(Entries taken from a collection)
<<<<
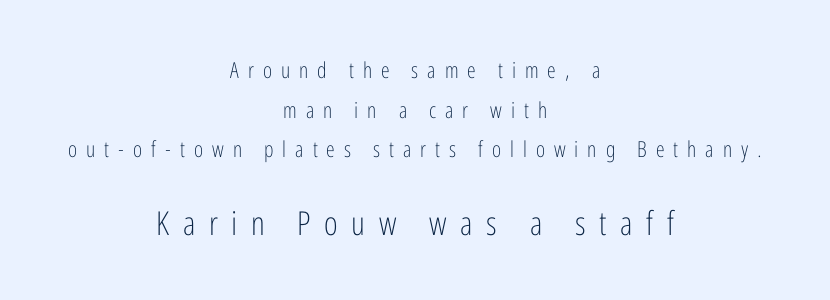
Does the lettering tilt? It doesn't — this is upright. The font family rendered here belongs to the sans-serif group. You could only call the tracking loose — the letters float apart. Vertical stems look standard width or narrower in stroke. This sample has the flowing, uneven cadence of proportional lettering.
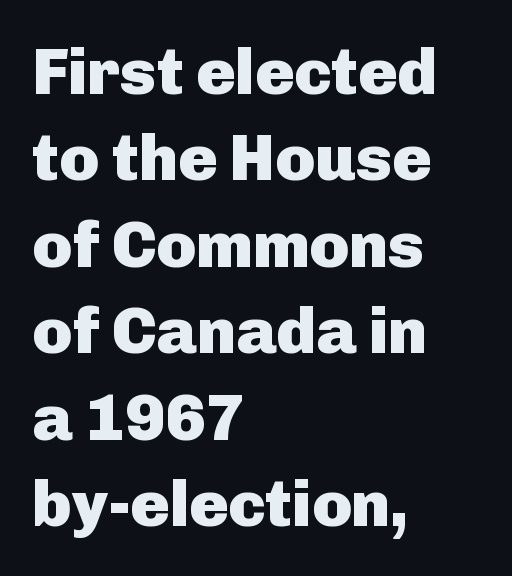
The image shows 65 px heavy sans-serif type, upright; set left-aligned, normal line spacing (1.33x), normal letter spacing, not underlined; low stroke contrast and a medium x-height.
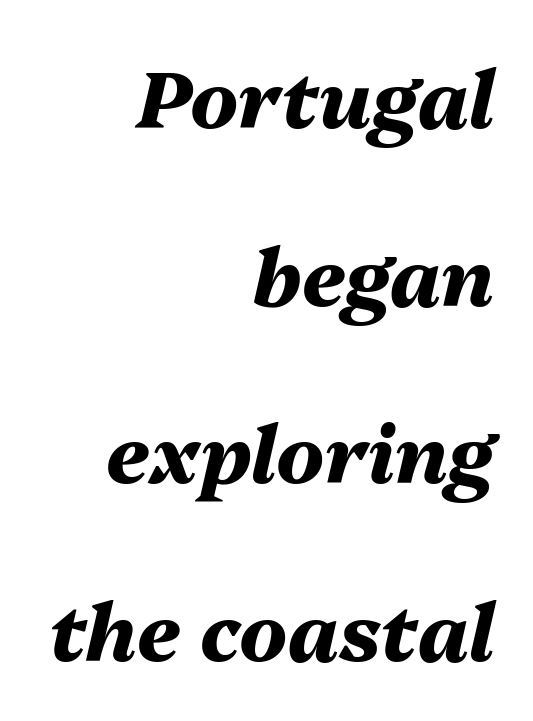
Q: Is the text bold? A: Yes.
Q: Is the text italic (slanted)? A: Yes, it leans right by about 13 degrees.
Q: Is the text underlined? A: No.
Q: How is the paragraph aligned? A: Right-aligned.
Q: Is the spacing between letters normal or unusually wide? A: Normal.
Q: Is the spacing between lines tight, normal or loose? A: Loose.
Q: Width (condensed, normal, or wide)? A: Normal.
Q: Stroke contrast? A: Medium.
Q: x-height? A: Medium.
Q: Monospaced? A: No.
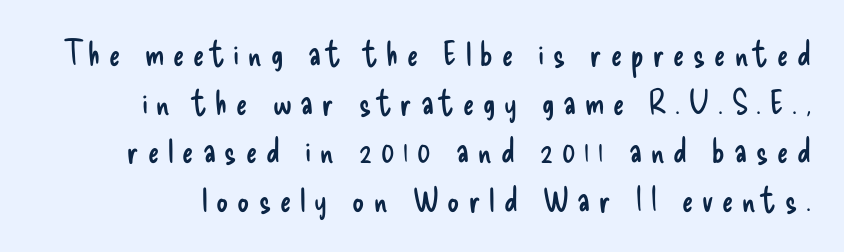
{"serif": "no", "italic": "no", "bold": "no", "weight": "regular", "width": "condensed", "stroke_contrast": "low", "x_height": "small", "monospaced": "no", "underline": "no", "line_spacing": "normal", "line_spacing_ratio": 1.47, "letter_spacing": "wide", "letter_spacing_em": 0.27, "glyph_px": 33}
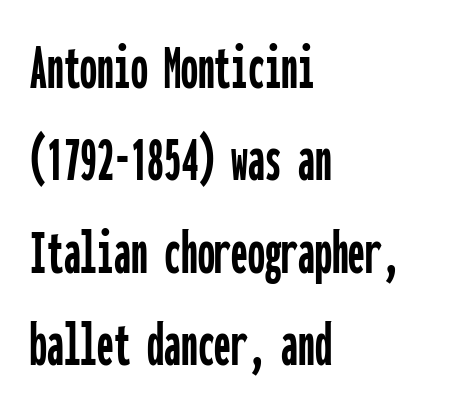
If you drew a ruler down the left edge, every line would touch it. Type style note: lacks serifs. When letters stand straight like this, we call the style roman or upright. Underlining? Definitely not there. This rendering leaves character spacing at its baseline value. Compared with typical paragraphs, the rows here are spaced about the same.
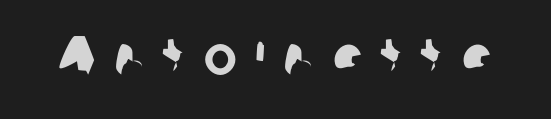
{"serif": "no", "width": "normal", "stroke_contrast": "low", "x_height": "medium", "monospaced": "no", "underline": "no", "letter_spacing": "wide", "letter_spacing_em": 0.32, "glyph_px": 56}
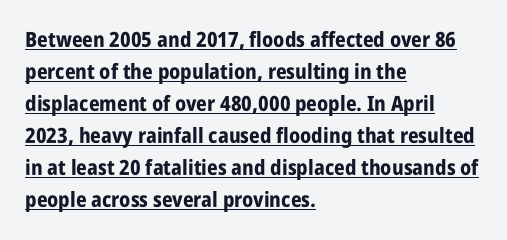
>>>>
| TO DO |
Copy word for word the lines of the records above from the one with "The image shows" up to and including the one with "Q: Monospaced? A: No.". Skip the pictures.

| RESULT FOR THIS TASK |
The image shows 65 px heavy sans-serif type, upright; set left-aligned, normal line spacing (1.33x), normal letter spacing, not underlined; low stroke contrast and a medium x-height.
Q: Is the text bold? A: Yes.
Q: Is the text italic (slanted)? A: Yes, it leans right by about 13 degrees.
Q: Is the text underlined? A: No.
Q: How is the paragraph aligned? A: Right-aligned.
Q: Is the spacing between letters normal or unusually wide? A: Normal.
Q: Is the spacing between lines tight, normal or loose? A: Loose.
Q: Width (condensed, normal, or wide)? A: Normal.
Q: Stroke contrast? A: Medium.
Q: x-height? A: Medium.
Q: Monospaced? A: No.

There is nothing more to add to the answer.